Homeowners thus far have enjoyed the benefits of home-price appreciation, but growth in prices look to be less robust as fewer home buyers purchase homes.
What S&P said: “Home-price growth is beginning to show signs of strain, recording the slowest annual gain since mortgage rates peaked in 2023,” Brian D. Luke, head of commodities, real estate and digital assets at S&P Dow Jones Indices, said in a statement.
“Prices continue to decelerate for the past six months, pushing appreciation rates below their long-run average of 4.8%,” he added.
There was a clear divergence between how home prices fared in Democrat-leaning blue states and Republican-leaning red states, Luke added.
“Comparing average gains of traditional red and blue states highlight a slight advantage for home price markets of blue states,” he explained. “With stronger gains in the Northeast and West than the South, blue states have outperformed red states dating back to July 2023.”
What are they saying? “This month’s release covers home sales in June, July and August, a period in which home sales activity, time on market, and price cuts tilted in buyers’ favor,” Hannah Jones, a senior economic research analyst at Realtor.com, said in a statement.

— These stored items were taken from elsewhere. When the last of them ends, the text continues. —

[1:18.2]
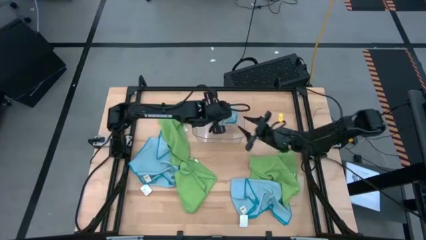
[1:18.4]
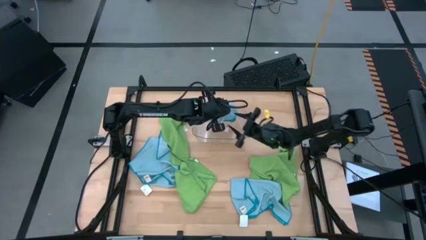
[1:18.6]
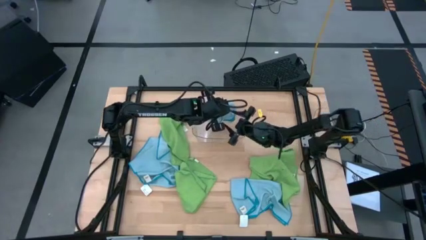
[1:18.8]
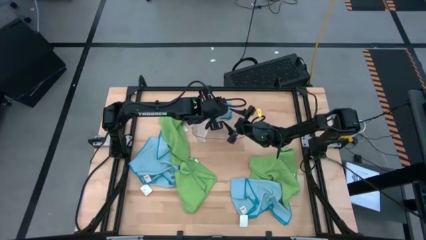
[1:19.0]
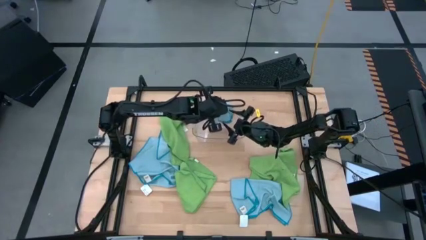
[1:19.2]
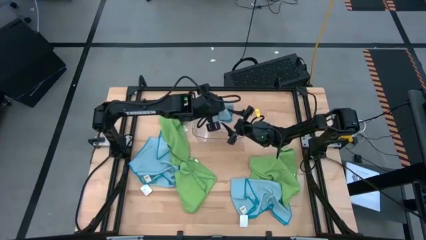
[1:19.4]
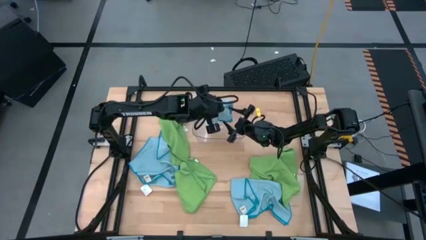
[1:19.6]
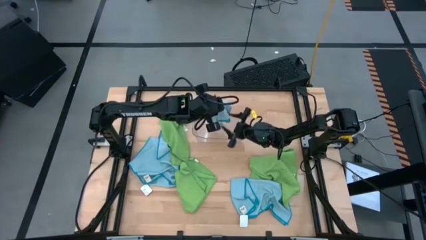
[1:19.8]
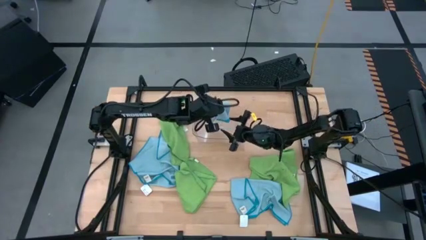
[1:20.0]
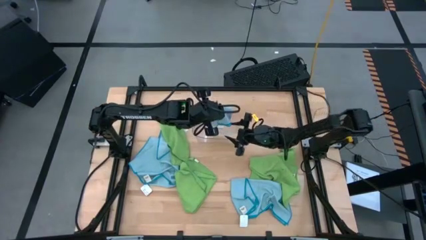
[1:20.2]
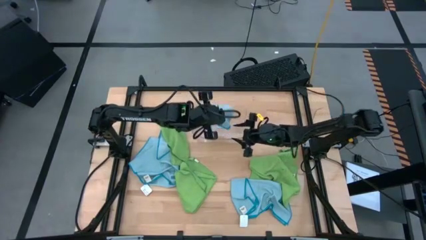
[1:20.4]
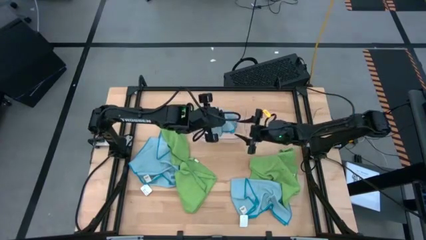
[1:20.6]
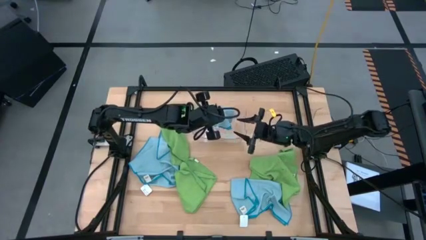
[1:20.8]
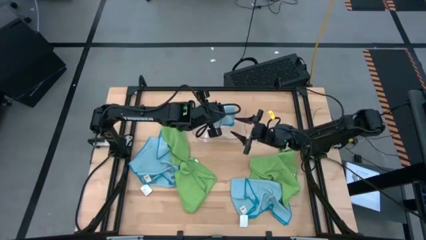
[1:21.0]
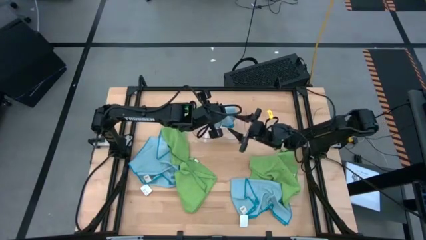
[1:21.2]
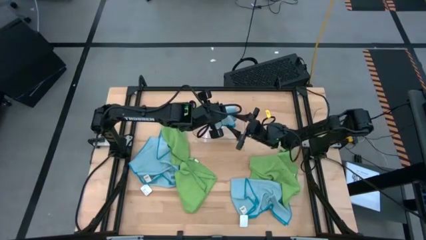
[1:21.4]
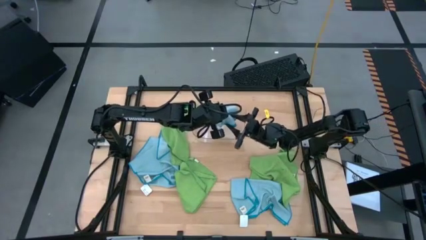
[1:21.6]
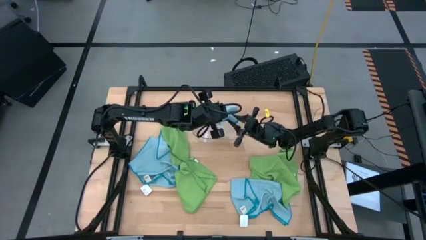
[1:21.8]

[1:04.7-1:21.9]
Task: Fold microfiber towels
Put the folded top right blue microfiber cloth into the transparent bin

But even as “mortgage rates started to fall in May and continued to generally trend lower through September,” she added, “this drop in rates has not yet resulted in a significant uptick in demand and home sales activity, which meant home-price growth continued to mellow.”
(Realtor.com is operated by News Corp subsidiary Move Inc., and MarketWatch is a unit of Dow Jones, which is also a subsidiary of News Corp.)
Looking ahead: “Next year, we expect a small recovery in buyer demand which should offset growing resale supply, preventing house price inflation slowing any further,” Thomas Ryan, an economist focused on North America at Capital Economics, wrote in a note.
“We are forecasting 4% house price rises in 2025 and 2026,” he added.